- Directed by: Rob W. King
- Written by: Peter Bryant
- Produced by: Maureen MacDonald Kevin DeWalt
- Starring: Michael A. Goorjian Chandra West David Lovgren Tom Cavanagh
- Cinematography: Jon Kranhouse
- Edited by: Doug Forbes
- Music by: Rob Bryanton
- Production companies: Minds Eye Pictures Eighty Seven Bear Images
- Distributed by: Alliance Atlantis Releasing
- Release date: September 10, 1999 (Canada);
- Running time: 98 minutes
- Country: Canada
- Language: English

= Something More (1999 film) =

1999 film directed by Rob W. King

Something More is a 1999 Canadian comedy film directed by Rob W. King. It stars Michael A. Goorjian, Chandra West, David Lovgren and Jennifer Beals. The film was written by Peter Bryant, and produced by Minds Eye Pictures.

== Plot summary ==
A group of friends in their late 20s play for a church basketball team. Two of them compete for the affections of a woman.

== Production ==
The film was shot in Saskatchewan.

== Cast ==

- Michael A. Goorjian as Sam
- Chandra West as Kelly
- David Lovgren as Jim
- Tom Cavanagh as Harry
- Peter Flemming as Dan
- Kurt Max Runte as Will
- Nathaniel DeVeaux as Coach Louie
- Jennifer Beals as Lisa

== Reception ==
Ken Eisner, writing for Variety, said it was an "amiable, undemanding comedy." Marc Horton of the Edmonton Journal wrote that the dialogue was not believable and that the resolution was too predictable.
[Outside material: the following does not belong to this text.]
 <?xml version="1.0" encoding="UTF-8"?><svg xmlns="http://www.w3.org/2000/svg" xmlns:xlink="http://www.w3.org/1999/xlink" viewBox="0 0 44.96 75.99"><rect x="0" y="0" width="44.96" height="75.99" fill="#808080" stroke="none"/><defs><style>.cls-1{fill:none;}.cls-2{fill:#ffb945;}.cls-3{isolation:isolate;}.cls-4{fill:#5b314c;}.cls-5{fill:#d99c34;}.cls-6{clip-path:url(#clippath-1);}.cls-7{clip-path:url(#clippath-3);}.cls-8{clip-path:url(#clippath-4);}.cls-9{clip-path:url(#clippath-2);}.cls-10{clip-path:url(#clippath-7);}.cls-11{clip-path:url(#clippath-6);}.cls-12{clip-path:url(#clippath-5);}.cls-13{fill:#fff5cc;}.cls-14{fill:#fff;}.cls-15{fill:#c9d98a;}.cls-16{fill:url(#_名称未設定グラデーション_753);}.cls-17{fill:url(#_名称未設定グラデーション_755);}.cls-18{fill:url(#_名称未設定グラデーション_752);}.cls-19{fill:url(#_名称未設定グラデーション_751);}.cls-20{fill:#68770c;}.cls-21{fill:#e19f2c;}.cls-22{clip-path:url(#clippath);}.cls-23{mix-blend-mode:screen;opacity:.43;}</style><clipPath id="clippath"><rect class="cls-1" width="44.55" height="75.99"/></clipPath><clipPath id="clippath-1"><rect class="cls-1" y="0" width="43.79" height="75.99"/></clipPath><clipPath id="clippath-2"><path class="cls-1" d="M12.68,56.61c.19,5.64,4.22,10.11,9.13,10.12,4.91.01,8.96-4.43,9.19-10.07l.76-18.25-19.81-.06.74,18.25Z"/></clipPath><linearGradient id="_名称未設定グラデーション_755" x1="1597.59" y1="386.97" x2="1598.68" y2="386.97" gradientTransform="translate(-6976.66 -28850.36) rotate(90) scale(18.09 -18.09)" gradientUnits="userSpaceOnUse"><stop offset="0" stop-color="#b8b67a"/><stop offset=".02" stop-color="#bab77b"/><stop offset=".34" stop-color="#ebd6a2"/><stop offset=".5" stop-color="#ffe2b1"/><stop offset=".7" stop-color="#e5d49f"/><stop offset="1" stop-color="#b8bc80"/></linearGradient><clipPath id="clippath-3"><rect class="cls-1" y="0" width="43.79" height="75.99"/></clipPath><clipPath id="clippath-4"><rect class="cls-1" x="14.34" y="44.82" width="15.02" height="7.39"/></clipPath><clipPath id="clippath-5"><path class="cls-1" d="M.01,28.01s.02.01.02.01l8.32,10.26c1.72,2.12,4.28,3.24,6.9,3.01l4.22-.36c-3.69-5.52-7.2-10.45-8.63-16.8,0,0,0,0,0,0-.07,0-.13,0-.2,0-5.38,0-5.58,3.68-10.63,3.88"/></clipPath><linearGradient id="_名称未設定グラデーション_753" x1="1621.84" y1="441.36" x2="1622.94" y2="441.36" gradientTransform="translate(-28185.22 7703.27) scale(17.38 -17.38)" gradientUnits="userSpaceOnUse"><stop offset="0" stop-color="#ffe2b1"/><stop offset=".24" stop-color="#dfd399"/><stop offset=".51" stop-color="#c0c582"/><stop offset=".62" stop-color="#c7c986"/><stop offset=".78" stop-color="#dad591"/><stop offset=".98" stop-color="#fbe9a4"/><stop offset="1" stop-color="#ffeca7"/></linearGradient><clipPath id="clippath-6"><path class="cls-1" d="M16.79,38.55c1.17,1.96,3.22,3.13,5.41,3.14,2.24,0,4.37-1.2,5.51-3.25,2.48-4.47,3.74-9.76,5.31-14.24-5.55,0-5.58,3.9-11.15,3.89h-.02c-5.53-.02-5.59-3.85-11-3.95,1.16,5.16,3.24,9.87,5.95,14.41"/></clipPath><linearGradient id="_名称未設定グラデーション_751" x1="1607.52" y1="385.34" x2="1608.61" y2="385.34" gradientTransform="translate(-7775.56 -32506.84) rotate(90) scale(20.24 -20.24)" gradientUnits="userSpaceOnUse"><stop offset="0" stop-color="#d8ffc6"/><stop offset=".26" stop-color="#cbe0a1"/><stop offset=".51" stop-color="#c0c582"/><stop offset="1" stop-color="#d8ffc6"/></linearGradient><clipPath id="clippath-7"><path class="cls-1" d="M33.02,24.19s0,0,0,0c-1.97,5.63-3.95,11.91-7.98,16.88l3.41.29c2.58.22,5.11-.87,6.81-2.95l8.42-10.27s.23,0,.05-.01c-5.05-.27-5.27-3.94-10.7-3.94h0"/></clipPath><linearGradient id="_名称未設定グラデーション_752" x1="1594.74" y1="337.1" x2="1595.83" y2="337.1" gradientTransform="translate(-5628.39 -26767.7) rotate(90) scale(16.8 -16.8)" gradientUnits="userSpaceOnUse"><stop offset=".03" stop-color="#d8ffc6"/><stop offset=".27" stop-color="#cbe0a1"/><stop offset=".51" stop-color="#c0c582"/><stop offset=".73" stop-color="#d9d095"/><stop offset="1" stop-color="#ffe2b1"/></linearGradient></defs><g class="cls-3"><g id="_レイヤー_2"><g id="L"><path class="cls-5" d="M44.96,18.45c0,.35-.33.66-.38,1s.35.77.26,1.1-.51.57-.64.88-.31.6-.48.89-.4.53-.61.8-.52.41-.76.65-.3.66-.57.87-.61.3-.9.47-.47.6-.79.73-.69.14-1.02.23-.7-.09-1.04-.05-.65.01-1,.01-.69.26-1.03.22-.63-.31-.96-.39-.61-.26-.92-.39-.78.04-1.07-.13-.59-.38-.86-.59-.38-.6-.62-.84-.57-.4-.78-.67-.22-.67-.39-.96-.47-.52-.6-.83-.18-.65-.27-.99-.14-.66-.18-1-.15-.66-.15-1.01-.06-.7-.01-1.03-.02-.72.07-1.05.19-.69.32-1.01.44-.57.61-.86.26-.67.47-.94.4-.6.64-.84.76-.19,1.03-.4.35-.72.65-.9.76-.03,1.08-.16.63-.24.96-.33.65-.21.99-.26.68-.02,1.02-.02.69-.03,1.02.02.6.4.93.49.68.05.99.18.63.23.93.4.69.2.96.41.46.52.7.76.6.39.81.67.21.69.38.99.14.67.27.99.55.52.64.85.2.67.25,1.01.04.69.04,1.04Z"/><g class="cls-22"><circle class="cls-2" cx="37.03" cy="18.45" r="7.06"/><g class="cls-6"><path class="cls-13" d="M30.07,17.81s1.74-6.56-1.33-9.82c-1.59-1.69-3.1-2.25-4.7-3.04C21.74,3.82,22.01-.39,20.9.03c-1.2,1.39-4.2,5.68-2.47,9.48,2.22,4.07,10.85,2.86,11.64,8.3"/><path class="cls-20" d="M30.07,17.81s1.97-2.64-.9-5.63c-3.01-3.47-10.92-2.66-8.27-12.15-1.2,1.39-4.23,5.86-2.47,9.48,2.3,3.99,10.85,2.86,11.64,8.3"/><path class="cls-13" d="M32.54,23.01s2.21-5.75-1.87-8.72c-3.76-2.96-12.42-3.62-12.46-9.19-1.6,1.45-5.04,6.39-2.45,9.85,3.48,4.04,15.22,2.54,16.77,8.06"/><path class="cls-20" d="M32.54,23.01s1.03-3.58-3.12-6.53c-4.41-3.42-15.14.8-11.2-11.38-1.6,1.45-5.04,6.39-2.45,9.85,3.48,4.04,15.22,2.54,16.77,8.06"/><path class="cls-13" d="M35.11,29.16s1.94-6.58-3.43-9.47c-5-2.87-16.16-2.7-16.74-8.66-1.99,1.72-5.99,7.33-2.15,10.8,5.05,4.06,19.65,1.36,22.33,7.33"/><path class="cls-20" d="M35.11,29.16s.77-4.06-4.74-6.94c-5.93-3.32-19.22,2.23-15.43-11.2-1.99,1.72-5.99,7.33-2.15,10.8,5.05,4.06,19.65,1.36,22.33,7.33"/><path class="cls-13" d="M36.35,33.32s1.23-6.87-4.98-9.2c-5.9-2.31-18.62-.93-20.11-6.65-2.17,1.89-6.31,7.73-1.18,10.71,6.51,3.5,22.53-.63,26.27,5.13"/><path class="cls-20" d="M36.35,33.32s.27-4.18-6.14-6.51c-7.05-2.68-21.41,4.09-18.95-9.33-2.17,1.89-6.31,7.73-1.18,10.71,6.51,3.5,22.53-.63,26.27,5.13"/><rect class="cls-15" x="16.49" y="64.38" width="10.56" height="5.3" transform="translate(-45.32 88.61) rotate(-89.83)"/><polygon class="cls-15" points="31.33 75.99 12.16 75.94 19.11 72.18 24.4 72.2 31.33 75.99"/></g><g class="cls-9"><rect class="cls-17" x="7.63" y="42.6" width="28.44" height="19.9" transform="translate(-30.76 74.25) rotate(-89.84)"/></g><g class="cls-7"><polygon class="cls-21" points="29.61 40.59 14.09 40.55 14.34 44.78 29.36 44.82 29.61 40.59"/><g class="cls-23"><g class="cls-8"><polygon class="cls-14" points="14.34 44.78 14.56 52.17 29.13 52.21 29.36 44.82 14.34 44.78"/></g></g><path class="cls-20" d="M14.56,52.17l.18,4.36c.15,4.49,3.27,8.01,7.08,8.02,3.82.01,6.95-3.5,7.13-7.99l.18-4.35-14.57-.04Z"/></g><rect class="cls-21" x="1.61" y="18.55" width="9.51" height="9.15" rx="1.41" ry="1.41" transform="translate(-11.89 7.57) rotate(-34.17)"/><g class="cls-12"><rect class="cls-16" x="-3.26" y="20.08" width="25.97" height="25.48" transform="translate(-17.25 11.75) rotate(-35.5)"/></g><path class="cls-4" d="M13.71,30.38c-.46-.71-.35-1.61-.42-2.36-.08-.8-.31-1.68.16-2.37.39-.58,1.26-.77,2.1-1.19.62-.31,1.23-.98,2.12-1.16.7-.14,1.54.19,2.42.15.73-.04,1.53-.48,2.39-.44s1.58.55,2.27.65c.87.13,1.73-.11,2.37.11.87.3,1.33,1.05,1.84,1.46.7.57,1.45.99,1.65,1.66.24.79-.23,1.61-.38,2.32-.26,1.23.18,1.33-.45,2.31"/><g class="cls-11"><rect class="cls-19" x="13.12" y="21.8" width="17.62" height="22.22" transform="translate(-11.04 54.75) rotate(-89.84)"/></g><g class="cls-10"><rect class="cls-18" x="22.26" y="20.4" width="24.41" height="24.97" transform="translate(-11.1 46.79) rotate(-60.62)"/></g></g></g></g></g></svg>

Liam Lacey of The Globe & Mail wrote "Something More could have been played as an embittered little satire along the lines of About Last Night or Your Friends and Neighbors. As such, it probably would have been a more interesting movie. As it stands, it's really just a commercial calling card -- a way for novice feature director Rob King and the film's Canadian producers to show that they too can create perfectly competent, undemanding diversions."